You can also build, or buy, a much heavier duty rectifier/regulator/filter network, and charge through that.
Charging into a battery bank fixes those problems. No matter how dirty the DC coming into the batteries is, coming out it's flat and clean (or at least close enough to not overwork your inverter).
So it can be done feeding into a battery bank just being aware that pushing too many amps through will significantly shorten battery life?Termite wrote: ...DC generator. The alternator on automobiles has a DC output, but it usually is not particuliarly "clean" DC. The car's battery "smooths" this DC signal out somewhat. So car alternators run by a Briggs & Stratton will work OK to charge batteries, but DO NOT try to run DC equipment directly from it, without having a battery as a signal pulsation dampener.
Additionally, charge rate also affects battery life. To keep from killling your batteries prematurely, do not have a charge rate greater than C/4. The solar panel/offgrid folks consider C/10 to be about the best compromise between charge time vs battery life.
If you are going to run your house while also charging batteries, you will be using an AC generator and a battery charger, or invertor/charger.

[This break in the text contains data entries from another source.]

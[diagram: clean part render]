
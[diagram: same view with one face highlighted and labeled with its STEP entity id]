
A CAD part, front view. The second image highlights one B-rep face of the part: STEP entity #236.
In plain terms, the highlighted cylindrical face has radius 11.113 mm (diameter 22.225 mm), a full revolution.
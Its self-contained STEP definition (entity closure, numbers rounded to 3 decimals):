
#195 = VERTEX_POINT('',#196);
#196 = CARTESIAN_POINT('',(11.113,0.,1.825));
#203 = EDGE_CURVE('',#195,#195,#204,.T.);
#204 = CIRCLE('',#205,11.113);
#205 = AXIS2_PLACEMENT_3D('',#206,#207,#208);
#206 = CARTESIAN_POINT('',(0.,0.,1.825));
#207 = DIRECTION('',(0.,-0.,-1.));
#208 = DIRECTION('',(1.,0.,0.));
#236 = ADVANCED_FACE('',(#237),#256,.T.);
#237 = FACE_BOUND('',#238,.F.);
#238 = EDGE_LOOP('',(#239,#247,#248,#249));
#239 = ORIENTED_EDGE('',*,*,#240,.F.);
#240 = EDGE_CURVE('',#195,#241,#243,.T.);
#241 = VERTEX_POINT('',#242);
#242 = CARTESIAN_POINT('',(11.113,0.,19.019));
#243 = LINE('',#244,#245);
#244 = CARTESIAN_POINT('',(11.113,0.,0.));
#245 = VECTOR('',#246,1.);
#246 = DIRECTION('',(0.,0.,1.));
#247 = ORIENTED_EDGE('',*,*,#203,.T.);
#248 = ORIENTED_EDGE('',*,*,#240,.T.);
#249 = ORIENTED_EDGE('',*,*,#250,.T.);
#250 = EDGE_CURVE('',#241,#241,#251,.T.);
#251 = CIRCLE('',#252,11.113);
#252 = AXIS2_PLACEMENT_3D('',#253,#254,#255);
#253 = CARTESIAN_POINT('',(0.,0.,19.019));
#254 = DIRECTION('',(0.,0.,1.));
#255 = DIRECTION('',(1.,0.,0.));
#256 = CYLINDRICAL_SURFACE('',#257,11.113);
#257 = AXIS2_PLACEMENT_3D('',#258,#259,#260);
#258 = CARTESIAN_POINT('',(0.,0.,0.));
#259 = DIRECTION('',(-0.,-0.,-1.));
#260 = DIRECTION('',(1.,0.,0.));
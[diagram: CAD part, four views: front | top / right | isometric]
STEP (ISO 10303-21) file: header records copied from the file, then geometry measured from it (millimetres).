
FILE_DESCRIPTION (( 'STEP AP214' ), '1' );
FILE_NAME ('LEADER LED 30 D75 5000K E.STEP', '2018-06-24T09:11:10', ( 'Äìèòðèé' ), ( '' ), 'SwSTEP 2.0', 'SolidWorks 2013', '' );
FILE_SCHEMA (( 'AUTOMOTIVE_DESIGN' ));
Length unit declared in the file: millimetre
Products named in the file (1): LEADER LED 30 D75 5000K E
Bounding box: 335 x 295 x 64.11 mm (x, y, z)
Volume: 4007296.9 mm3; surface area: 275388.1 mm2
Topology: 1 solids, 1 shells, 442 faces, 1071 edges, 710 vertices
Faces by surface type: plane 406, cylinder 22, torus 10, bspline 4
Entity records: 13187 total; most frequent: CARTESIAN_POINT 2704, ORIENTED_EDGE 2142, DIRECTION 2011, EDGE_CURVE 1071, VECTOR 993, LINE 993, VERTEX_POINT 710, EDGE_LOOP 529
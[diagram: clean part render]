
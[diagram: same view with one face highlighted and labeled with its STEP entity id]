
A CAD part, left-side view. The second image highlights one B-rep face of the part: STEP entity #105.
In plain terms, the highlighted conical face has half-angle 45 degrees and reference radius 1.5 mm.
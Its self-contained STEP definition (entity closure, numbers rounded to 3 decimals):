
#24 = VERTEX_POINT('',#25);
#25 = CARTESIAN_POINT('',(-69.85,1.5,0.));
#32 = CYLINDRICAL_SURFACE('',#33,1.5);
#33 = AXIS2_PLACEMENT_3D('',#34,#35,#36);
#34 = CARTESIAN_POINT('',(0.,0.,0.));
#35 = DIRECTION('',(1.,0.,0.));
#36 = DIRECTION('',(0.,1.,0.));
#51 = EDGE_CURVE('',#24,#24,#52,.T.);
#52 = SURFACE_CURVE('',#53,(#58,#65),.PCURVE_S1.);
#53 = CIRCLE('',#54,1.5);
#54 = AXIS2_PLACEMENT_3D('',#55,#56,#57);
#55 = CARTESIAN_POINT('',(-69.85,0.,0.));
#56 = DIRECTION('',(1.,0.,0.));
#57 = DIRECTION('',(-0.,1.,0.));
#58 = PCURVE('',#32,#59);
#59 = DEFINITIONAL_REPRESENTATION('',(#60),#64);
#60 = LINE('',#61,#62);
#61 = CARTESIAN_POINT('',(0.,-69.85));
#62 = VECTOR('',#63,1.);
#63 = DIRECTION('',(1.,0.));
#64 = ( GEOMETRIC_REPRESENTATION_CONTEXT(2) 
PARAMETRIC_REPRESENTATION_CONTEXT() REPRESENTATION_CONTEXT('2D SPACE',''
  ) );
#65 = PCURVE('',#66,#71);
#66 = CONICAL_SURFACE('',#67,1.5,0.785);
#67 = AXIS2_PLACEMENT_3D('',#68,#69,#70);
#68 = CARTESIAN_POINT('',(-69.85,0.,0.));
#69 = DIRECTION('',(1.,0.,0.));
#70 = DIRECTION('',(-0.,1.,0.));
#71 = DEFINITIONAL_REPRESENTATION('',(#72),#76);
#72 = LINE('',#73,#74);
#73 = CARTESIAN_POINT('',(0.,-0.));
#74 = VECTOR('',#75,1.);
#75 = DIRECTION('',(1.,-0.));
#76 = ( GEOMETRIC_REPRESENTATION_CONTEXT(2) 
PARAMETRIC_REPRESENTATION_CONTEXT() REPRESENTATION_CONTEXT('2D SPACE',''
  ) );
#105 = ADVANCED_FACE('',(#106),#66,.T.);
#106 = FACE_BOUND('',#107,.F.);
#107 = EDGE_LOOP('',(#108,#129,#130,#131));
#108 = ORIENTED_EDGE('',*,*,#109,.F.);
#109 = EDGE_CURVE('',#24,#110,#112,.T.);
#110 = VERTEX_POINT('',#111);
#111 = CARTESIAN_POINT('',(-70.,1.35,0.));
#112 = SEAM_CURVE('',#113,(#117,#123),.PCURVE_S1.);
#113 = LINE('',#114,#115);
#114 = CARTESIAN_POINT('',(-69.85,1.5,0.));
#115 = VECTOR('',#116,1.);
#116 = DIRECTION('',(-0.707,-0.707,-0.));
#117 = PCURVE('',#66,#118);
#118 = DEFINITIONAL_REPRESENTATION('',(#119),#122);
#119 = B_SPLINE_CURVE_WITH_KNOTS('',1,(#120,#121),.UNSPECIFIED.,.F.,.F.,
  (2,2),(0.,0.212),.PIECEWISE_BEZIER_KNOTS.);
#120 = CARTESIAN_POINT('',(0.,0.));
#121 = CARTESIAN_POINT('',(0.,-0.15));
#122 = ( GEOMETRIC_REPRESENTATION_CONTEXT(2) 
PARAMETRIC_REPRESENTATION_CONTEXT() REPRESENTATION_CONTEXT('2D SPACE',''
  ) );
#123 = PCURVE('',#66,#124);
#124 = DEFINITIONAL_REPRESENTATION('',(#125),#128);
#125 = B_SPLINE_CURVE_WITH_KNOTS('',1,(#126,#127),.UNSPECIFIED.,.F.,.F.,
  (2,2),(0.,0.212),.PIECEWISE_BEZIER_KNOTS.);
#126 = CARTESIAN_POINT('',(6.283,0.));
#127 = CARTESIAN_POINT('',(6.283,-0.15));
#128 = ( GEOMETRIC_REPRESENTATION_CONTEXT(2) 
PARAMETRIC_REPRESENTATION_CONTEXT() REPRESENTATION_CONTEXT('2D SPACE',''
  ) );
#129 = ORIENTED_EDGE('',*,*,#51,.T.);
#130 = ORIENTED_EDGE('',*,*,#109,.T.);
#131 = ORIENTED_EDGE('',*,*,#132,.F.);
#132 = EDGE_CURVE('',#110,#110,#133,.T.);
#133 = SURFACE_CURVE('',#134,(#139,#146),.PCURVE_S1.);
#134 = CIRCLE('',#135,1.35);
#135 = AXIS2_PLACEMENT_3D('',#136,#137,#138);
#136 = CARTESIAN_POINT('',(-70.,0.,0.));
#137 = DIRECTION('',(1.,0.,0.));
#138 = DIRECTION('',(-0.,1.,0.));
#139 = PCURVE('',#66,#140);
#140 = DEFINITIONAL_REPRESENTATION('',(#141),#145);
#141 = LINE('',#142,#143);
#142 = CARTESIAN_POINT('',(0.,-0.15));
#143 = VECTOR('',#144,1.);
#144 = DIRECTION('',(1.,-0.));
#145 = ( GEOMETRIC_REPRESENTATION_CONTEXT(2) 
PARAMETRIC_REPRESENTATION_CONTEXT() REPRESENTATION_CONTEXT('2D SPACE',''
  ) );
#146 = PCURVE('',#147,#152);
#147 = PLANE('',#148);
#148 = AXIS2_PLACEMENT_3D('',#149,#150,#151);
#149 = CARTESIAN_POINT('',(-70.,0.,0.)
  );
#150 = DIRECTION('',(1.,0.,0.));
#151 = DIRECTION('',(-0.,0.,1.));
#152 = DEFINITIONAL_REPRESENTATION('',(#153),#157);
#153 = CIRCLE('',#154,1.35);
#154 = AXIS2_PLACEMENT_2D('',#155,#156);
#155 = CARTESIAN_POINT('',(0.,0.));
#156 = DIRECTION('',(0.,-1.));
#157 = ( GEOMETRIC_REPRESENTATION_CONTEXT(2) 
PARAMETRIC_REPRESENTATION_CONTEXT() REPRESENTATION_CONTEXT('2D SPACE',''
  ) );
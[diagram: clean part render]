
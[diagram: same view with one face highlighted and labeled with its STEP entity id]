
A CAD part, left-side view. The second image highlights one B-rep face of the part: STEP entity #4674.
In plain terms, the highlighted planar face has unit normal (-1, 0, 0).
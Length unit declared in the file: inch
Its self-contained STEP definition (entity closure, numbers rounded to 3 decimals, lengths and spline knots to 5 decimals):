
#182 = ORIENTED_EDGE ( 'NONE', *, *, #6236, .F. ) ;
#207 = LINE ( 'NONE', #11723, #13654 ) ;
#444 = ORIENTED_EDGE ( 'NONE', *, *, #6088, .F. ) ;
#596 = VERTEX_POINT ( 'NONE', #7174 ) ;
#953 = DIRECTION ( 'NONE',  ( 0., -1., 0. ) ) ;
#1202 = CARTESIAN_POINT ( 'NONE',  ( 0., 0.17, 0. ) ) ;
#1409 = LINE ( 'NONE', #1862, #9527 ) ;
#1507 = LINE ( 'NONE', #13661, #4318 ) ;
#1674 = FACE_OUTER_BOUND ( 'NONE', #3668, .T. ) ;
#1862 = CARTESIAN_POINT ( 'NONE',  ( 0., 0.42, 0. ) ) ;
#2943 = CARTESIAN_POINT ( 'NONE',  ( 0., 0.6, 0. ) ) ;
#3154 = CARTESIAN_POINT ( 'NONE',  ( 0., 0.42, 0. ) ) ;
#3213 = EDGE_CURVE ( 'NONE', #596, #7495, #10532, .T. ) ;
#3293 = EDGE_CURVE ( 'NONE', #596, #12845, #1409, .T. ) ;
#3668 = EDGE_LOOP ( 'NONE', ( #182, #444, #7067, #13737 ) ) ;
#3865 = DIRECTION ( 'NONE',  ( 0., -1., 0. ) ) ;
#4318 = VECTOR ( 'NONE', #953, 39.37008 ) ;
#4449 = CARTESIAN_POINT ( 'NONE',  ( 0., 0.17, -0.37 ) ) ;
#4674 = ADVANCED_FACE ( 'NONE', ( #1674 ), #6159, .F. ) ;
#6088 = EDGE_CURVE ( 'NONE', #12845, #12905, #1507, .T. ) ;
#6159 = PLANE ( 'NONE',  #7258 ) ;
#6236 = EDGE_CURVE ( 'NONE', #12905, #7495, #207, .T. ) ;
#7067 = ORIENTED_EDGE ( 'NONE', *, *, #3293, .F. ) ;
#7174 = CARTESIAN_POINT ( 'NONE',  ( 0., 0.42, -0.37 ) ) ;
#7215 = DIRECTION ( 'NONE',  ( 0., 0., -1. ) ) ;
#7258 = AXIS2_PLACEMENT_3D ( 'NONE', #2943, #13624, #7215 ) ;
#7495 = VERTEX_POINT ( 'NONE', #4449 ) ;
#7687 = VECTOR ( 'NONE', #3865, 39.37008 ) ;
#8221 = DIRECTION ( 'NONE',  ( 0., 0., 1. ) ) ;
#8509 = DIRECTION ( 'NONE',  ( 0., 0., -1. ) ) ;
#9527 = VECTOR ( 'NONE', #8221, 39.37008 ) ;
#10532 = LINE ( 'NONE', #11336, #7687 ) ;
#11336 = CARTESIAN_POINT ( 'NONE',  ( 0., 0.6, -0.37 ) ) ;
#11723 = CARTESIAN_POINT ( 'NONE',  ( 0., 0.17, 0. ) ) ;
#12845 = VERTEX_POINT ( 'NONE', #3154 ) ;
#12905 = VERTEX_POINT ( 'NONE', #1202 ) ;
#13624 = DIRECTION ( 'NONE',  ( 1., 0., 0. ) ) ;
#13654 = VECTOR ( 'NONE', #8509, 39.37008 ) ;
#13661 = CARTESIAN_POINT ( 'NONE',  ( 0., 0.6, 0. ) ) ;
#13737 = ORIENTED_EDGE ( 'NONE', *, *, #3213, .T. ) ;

And I'm still not sure if I'm understanding very well about using electronics while charging the batteries with this home made 12v generator battery bank set up. If the 12v dirty electricity is produced and fed into one end of say a 4 bank system and the load is coming off the other end is it still a no go to run the generator to charge the batteries while a load is still pulling power off of said batteries? I understand that some of the energy being produced will bleed off down the connecting cables while the generator is running but I was thinking that it would be buffered by continuing to pass through the batteries down the line.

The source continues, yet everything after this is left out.